The PIF itself depends of two factors, how clearly the character was observed, and how consistent it was from one specimen to the next. If a character was clearly seen in all specimens observed, then that PIF will be high. If the character is said to be maybe present in one of a few of the specimens, the PIF will be very low.

3. A third area is the general observation set-up. For nematodes, the domain of expertise of the biologist member of the GENISYS team, this includes the number of specimens and their quality (for nematodes: freshly killed, well fixed, or distorted specimens), and the type and quality of the optics. Other biological domains may have slightly different observation set-ups.

4. The last area is the character itself, including three aspects:

Computation of the endorsement score

To evaluate the endorsement factor of a character state or value entered by the user, the system must have access to the values attached to all the factors of endorsement listed above. Some are taken from the metadata permanently attached to each character in the schema (conspicuity, ambiguity, variability). Others come from the user data sheet, a permanent description of the user's areas of expertise and the general observation set-up he normally uses (with the possibility of changing the default values).
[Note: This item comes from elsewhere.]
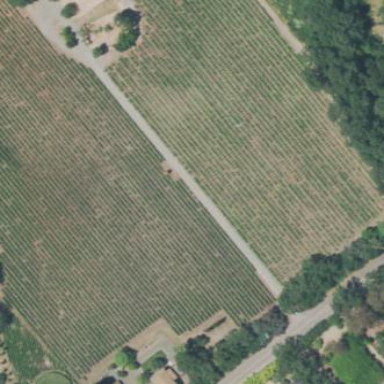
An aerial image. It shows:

The number and quality of specimens is entered once at the beginning of each identification session. Finally, the only value that needs to be given during the identification itself is the PIF value attached to each character entered.

The computation of the endorsement factor of a character state or value can use an algorithmic approach or a fuzzy rule-based approach (Diederich & Fortuner, 1996).

The formula selected for the algorithmic approach uses the factors described above, except for expertise and Pif, to compute what we call a computed Pif, or c.Pif for short, using an arithmetic combination of the factors after assigning numerical values (0.0 - 1.0) to each entry under the factor. The endorsement can then computed as a weighted average of the Pif and the c.Pif , with the weights determined by the level of expertise, to give the formula

Endorsement = Expertise*Pif + ( 1 - Expertise)* c.Pif. (1)

Thus the higher the level of Expertise, the more the endorsement relies on the Pif, while the lower the level of expertise, the more it relies on the c.Pif.

In the fuzzy rule-base approach, the same three factors (expertise, pif and c.pif) were used to formulate 15 basic rules. The first three rules essentially state "Trust the expert", while the next three rules state "Trust the c.pif." The remaining nine rules cover the intermediate cases. Additional rules can be added to the basic rules to fine tune the system.

Use of endorsement

An endorsement score attached to each character state or value entered by the user may be used in various ways.

For example, any method or tool that proceeds by elimination should use only the most reliable data, i.e., data with high endorsement scores. Elimination should stop when all reliable characters have been used and no taxon should be rejected only because of a mismatch on a non-reliable character (one with a low endorsement score).

Similarity coefficients often include weights attached to each characters. Setting the weights equal to the endorsement scores of the successive characters would give a lower weight to the less reliable characters, those for which an error is most likely to occur. This would enhance the natural graceful degradation of these kinds of approaches. In the example above, if an error is made on one difficult character with weight = 0.1 whereas the 19 other characters are easy characters each with weight = 1, the result will be 99.5% correct in spite of the error made.

__________________
Diederich, J., Fortuner, R. 1996. Endorsement of observations in identification. Proceedings Fifth IEEE International Conference on Fuzzy Systems, Sept. 8-11, 1996, New Orleans, Louisiana, USA, 175-179.